YOU'VE heard the phrase "married with children".

It's a whole lifestyle I sometimes think is best illustrated by a parent sitting wild eyed with a cup of strong coffee, hands shaking so hard the cup is clinking on the saucer, while trying to ignore a strong whining sound made by high pitched little voices.

"With children" can apply to many activities.

Last week, for instance, I was ill with children. Actually it was the flu again, but the grandchildren were, shall we say, present.

Lying on my bed of misery with my eyes shut in the hope of sleeping through the worst of it, I became aware of heavy breathing — which turned out not to be my bronchials in deep trouble.

Five-year-old Tufaan Taylor, the Hurricane of Flagstaff, was peering at me from millimetres away, helping me raise my eyelids with her fingers.

"We thought you might be dead," she and her little brother, the Hound of Cullen aka the Fiend of Flagstaff aka Batman, claimed.

They spent the day "helping" me eat my tea and toast and getting me some nice biscuits that they tested were safe for sick people, and entertaining me with the road safety song, the counting song and how to stand on your head in bed.

It worked. I was up and about again the next day, rather than spend any more time ill with children.

That meant I was ready to get them ready and run them hither and thither for their various activities. They have more engagements than a minor British royal.
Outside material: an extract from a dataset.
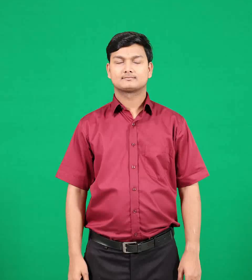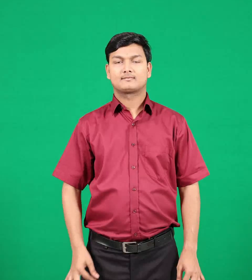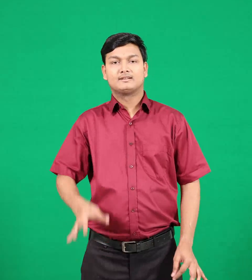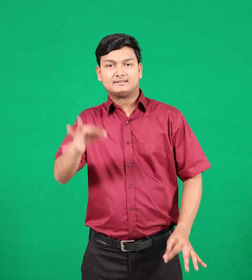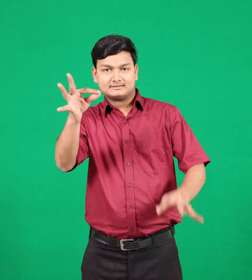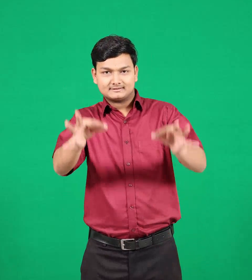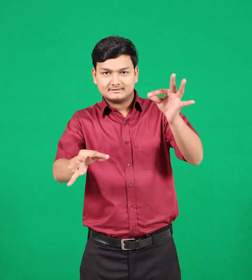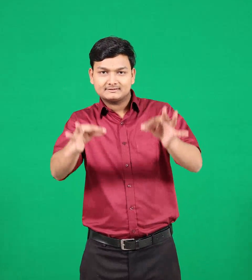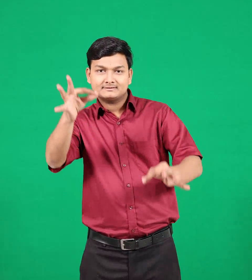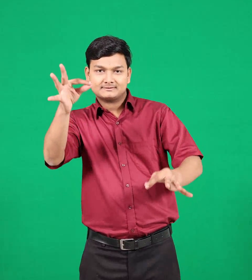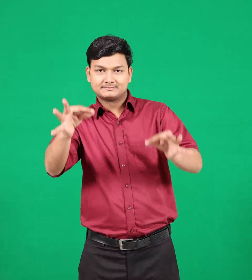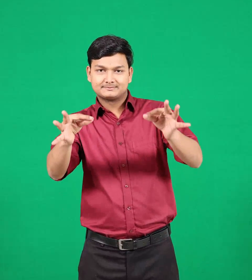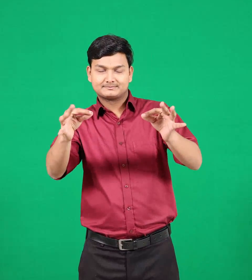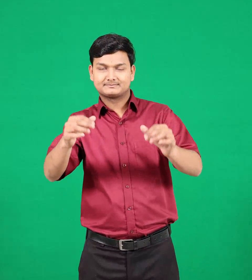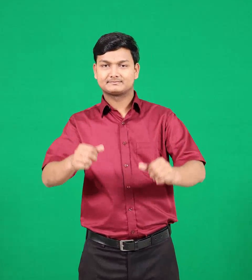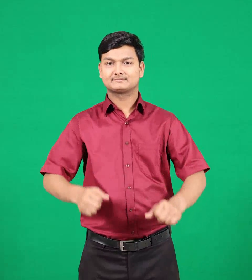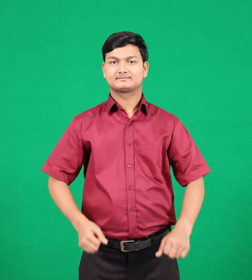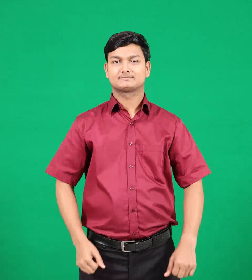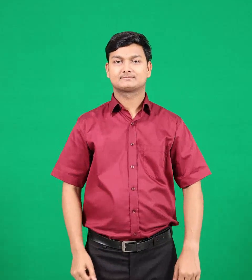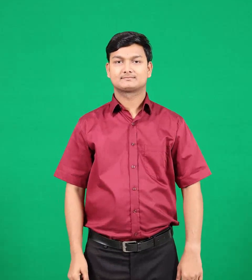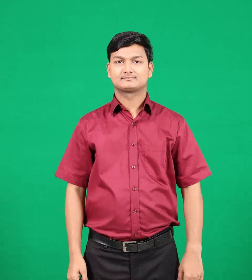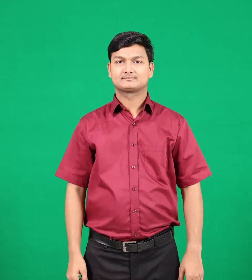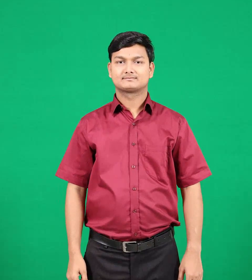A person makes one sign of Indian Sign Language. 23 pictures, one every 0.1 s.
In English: judge

They do swimming, which I recollect as requiring a bathing suit and a towel, plus flip flops if you are going formal, and enough money for the pool admission fee.

Not swimming with children, that takes multiple large bags, enough drinking water to cross a desert, several changes of clothing including shorts and a tutu, and snacks in case they become feeble with hunger during the next 40 minutes.

So: okay, get your bathing suit on. What's wrong with this one? Why don't you like it? All right, get the one with the stars on it. Where is it? Well where did you put it when you took it off yesterday? Just wear the blue one for today. No it's not too small/big/stupid looking. Just get it on and stop crying.

Yes, if you want to you can take your Superwoman backpack to carry your towel. This towel. Because I don't know where the Moana one is, probably in the wash.

All right, I'll find it if you must have a towel with a hood. They didn't have towels like that when I was young, you just dried yourself. With a hanky, or stood around in the sun and steamed.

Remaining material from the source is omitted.